Unio Gallery


Well-known member
Dec 11, 2004
These photographs and videos are intended to encourage interest in the freshwater pearly mussels (Unionoida) and promote the conservation of endangered species. Students, teachers and biologists are welcome to use the images for non-commercial educational purposes (see use policy). Winter raccoon kills on the Verdigris River, Kansas

The rivers of North America are home to nearly 300 species of native freshwater pearly mussels. However, the destruction of river habitats by dams, channelization, erosion and pollution has left many of these amazing mollusks on the brink of extinction. Presently 71 native mussels are on the U.S. endangered species list.

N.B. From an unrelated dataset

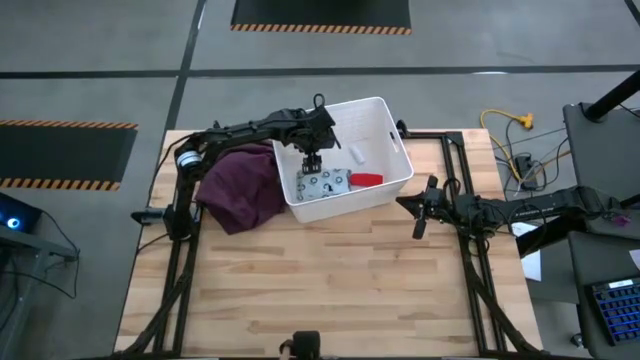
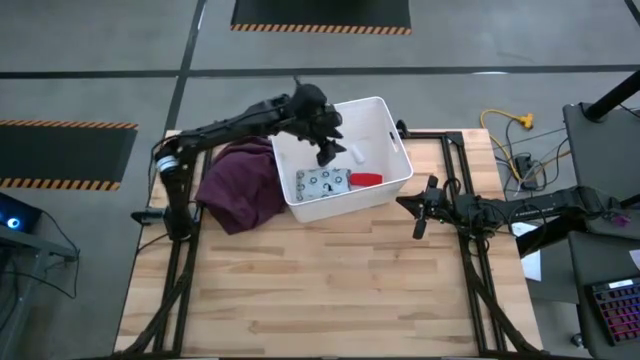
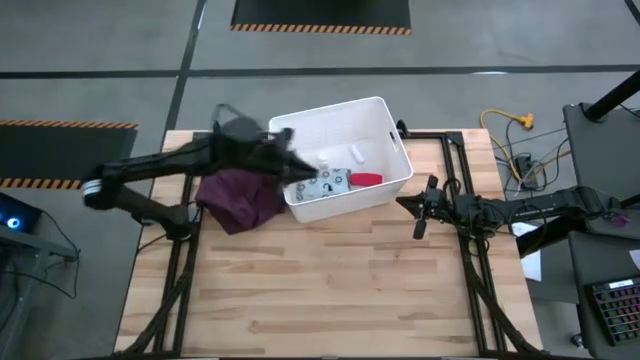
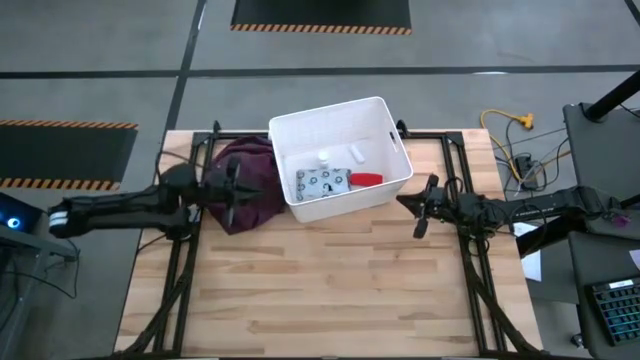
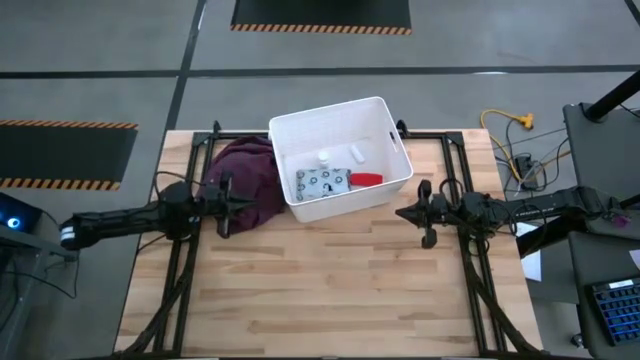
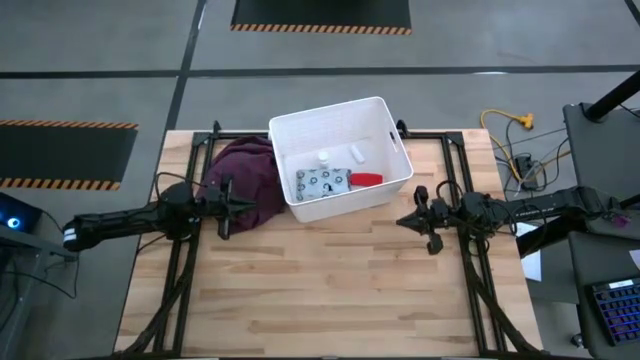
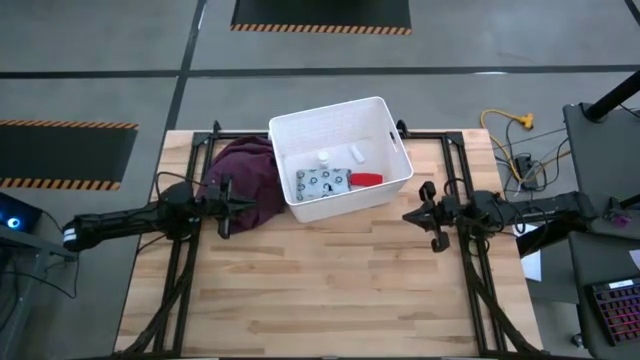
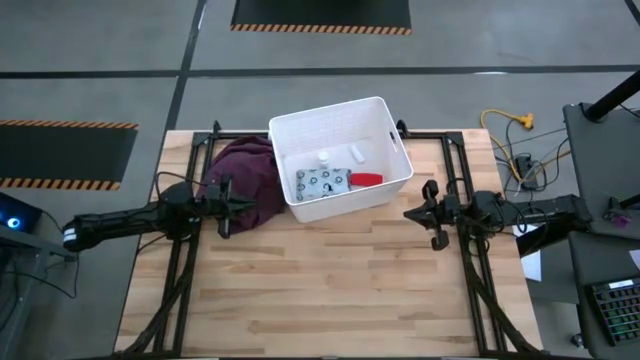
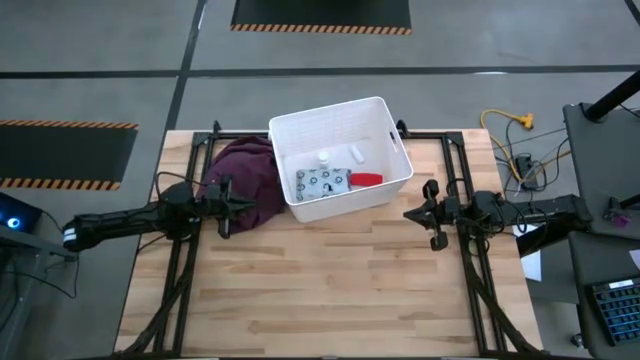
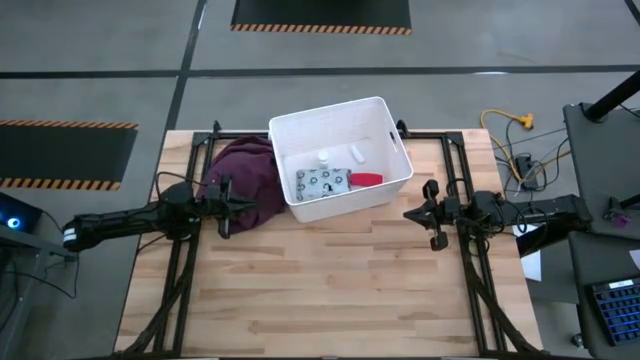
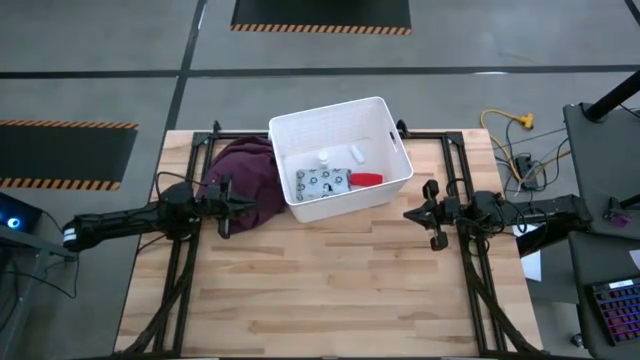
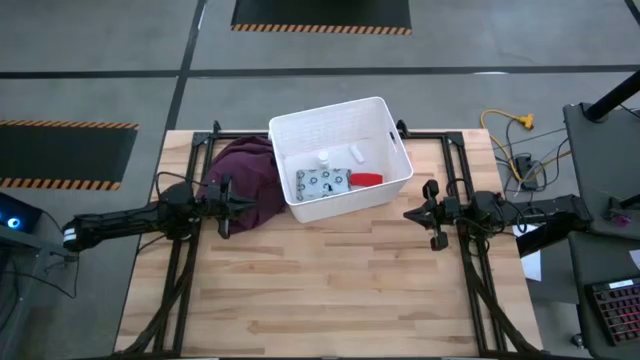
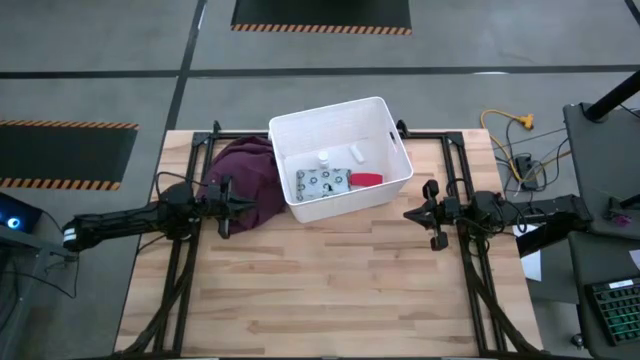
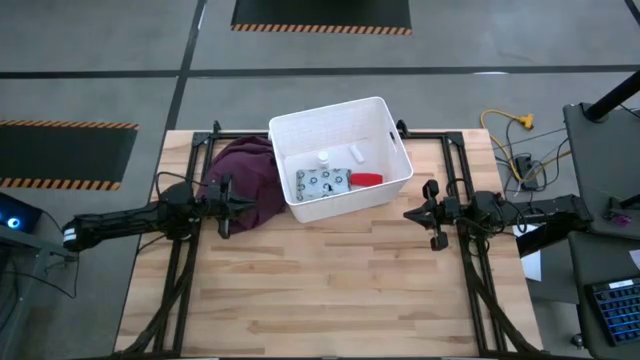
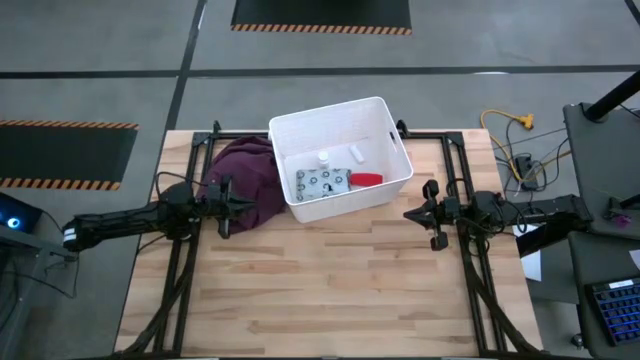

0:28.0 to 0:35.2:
Task: Pick & place medical supplies in basket/bin
Return to Home Position

Mussels don't have a glamorous public image like pandas or tigers, yet the more we learn more about them the more remarkable they seem.
Perhaps the most surprising aspect of native mussels is their symbiosis with fish. Females release tiny larvae called glochidia. The glochidia must attach to the gills or fins of particular species of fish, where they remain for several days or weeks as they metamorphose into juvenile mussels. Mussels have evolved incredible devices to lure fishes and ensure that the glochidia become attached. The photos and videos displayed on the following pages illustrate some of these remarkable adaptations.
Click on the photos to link to the image pages.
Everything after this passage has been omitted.